## Work order
Would you please copy all of the data exactly, skipping the images?

## Stored items
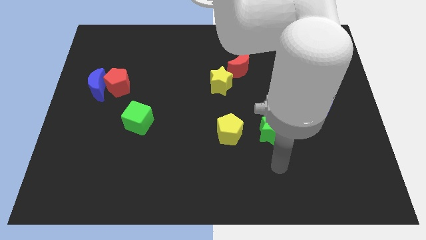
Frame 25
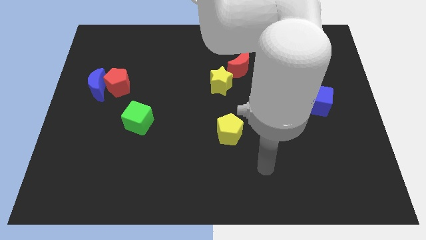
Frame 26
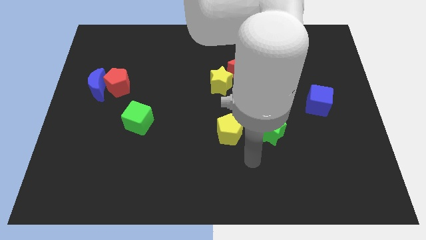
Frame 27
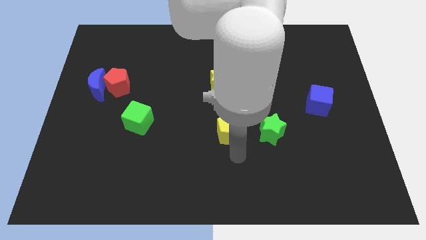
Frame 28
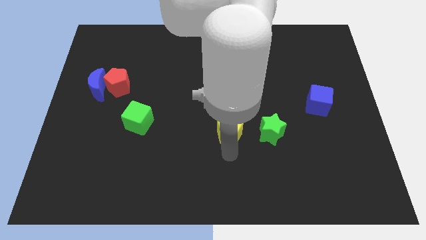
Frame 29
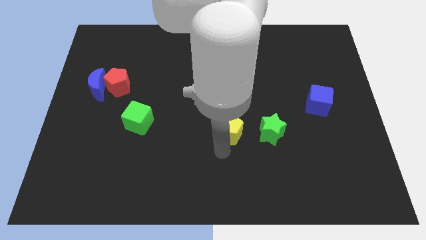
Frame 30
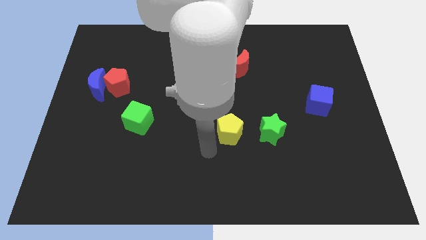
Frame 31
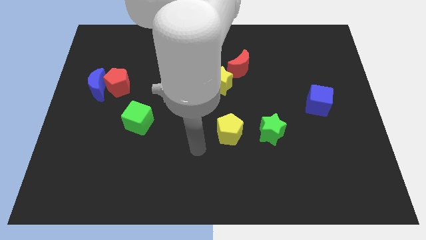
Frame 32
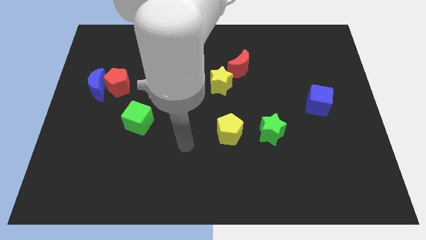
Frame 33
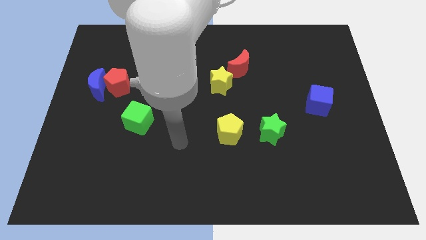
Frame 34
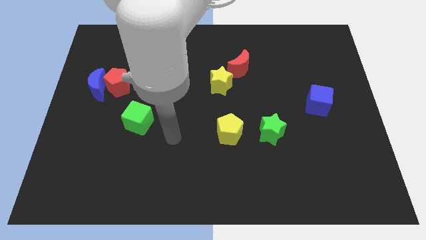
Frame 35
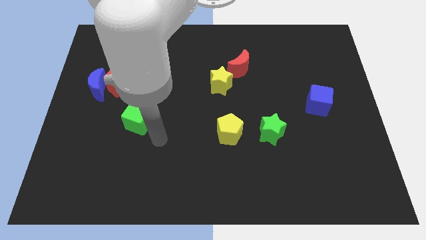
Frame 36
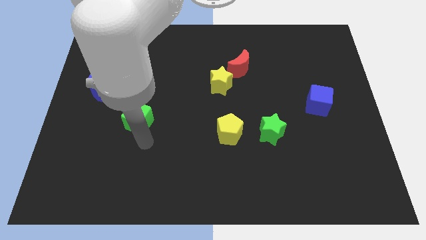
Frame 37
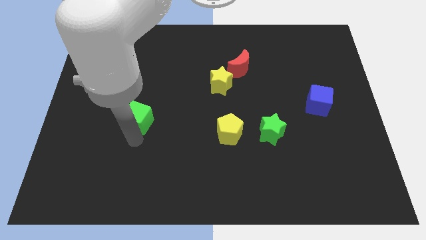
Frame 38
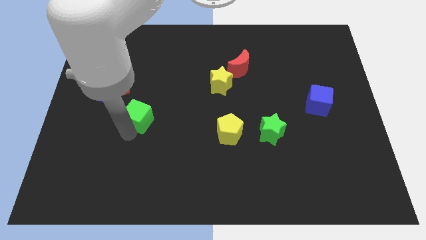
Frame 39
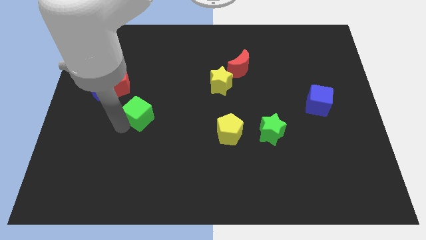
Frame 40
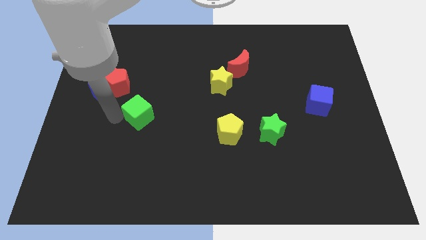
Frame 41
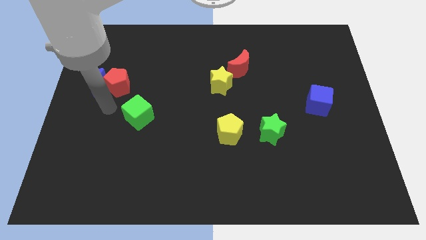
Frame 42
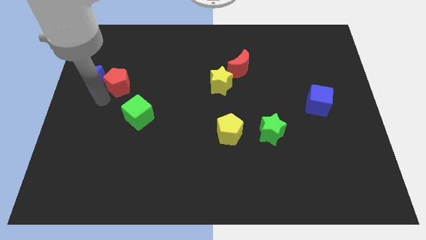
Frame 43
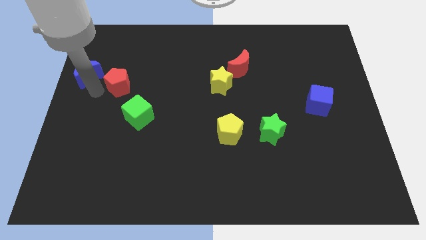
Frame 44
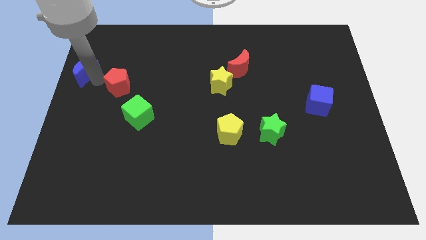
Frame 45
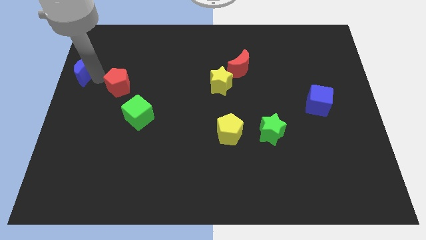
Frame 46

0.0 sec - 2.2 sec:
separate the red pentagon from the blue moon

## Response area
Frame 25
Frame 26
Frame 27
Frame 28
Frame 29
Frame 30
Frame 31
Frame 32
Frame 33
Frame 34
Frame 35
Frame 36
Frame 37
Frame 38
Frame 39
Frame 40
Frame 41
Frame 42
Frame 43
Frame 44
Frame 45
Frame 46

0.0 sec - 2.2 sec:
separate the red pentagon from the blue moon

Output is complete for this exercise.